EXERCISE PROMPT =>
Look through the listing underneath for "visible", and copy every line that has it.

THE DATA =>
== Segment start ==
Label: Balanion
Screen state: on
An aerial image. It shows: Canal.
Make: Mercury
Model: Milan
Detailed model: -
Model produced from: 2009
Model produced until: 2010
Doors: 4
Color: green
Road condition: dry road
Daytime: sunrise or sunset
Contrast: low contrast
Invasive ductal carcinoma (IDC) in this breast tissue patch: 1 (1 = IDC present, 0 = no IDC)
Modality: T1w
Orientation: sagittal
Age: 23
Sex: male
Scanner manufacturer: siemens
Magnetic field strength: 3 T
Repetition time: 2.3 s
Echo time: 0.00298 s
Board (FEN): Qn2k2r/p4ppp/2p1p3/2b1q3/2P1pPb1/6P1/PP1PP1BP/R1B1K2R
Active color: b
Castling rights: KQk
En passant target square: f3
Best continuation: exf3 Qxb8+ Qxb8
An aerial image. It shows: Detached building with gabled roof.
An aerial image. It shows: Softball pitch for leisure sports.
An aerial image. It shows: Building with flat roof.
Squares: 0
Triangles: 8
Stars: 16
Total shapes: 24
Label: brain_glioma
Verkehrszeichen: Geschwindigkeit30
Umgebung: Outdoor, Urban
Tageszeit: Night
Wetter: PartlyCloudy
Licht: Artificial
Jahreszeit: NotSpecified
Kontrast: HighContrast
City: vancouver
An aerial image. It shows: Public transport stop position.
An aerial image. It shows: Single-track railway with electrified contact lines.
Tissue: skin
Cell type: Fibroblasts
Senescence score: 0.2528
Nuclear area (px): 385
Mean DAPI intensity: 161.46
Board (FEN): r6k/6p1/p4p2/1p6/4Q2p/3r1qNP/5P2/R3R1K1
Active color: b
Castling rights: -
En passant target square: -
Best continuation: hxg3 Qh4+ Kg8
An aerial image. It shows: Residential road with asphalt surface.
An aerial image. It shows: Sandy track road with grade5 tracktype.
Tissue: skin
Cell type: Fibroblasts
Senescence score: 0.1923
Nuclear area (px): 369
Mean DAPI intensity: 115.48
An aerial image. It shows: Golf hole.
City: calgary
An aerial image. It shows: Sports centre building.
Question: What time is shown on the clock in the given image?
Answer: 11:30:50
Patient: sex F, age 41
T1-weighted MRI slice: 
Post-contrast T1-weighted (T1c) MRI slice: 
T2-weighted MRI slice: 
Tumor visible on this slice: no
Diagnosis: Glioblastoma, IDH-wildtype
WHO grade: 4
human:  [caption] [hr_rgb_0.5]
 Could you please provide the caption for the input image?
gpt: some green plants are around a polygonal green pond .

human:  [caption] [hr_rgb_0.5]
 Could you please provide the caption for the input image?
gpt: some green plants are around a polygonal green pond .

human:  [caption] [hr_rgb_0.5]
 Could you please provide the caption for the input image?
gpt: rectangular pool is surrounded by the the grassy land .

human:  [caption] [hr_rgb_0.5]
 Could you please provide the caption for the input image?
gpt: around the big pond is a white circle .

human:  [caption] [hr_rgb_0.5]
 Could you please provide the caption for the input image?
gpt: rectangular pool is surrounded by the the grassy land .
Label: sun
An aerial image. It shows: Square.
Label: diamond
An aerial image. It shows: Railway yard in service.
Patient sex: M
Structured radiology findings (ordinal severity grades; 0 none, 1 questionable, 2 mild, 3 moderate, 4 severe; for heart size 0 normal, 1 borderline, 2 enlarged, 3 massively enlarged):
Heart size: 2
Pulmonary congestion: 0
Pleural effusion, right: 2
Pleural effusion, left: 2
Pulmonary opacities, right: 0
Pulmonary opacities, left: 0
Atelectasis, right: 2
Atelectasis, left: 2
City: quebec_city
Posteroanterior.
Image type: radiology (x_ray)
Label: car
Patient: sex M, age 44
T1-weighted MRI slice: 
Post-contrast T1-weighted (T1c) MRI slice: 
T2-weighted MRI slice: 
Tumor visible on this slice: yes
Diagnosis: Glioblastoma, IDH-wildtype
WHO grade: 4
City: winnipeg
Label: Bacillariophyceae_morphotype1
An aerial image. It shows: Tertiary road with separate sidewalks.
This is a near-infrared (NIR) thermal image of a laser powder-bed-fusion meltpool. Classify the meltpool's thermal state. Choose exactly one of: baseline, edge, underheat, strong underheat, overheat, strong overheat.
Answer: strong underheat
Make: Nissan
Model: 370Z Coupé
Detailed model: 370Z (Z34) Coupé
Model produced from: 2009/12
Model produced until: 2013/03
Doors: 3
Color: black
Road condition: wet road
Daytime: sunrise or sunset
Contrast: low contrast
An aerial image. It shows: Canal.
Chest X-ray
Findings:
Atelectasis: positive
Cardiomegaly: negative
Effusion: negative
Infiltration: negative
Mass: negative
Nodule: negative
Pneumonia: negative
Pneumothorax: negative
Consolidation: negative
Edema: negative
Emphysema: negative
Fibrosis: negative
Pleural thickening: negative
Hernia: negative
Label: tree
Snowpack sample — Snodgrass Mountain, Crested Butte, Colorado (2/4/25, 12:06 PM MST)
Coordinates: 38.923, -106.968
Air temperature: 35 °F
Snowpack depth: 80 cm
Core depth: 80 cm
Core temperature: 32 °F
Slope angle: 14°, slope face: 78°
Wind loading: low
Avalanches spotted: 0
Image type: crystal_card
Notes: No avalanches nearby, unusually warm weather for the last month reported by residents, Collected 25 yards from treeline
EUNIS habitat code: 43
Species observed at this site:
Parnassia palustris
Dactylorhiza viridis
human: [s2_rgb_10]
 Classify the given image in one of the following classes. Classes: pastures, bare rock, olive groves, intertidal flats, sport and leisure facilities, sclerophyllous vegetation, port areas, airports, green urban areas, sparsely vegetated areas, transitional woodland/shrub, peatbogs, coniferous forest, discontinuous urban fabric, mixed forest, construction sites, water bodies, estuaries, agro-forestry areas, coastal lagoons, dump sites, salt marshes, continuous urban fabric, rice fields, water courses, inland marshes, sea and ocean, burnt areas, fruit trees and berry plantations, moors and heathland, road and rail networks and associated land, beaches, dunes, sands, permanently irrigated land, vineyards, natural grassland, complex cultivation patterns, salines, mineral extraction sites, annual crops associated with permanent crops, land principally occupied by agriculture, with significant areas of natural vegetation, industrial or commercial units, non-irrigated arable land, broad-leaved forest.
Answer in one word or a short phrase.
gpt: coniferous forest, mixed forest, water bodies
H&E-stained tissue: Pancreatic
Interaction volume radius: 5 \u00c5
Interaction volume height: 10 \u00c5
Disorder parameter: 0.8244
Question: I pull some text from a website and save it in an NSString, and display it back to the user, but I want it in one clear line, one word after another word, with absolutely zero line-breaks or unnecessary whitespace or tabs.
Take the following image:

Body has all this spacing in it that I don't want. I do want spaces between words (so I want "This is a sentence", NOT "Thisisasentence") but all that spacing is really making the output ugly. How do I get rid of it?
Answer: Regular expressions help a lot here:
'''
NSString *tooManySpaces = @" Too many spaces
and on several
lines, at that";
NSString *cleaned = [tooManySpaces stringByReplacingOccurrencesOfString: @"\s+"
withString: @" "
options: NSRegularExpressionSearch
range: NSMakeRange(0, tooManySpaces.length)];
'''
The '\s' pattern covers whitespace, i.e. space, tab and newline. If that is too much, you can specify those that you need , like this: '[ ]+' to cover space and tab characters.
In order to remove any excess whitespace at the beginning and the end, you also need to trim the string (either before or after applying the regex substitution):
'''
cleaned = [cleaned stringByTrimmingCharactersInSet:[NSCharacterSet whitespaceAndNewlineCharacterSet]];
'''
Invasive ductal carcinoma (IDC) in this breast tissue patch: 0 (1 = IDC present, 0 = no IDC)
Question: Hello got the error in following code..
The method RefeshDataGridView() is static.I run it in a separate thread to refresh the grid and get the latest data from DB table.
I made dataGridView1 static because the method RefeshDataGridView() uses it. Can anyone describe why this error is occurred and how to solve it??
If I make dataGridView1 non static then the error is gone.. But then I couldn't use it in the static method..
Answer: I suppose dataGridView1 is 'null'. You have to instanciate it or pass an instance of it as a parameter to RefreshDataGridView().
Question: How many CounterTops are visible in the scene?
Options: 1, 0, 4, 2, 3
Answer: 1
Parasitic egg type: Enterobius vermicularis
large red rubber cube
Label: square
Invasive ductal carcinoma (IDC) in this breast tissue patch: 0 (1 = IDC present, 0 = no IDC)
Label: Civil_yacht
== Segment end ==
ANSWER BELOW =>
Tumor visible on this slice: no
Tumor visible on this slice: yes
Question: How many CounterTops are visible in the scene?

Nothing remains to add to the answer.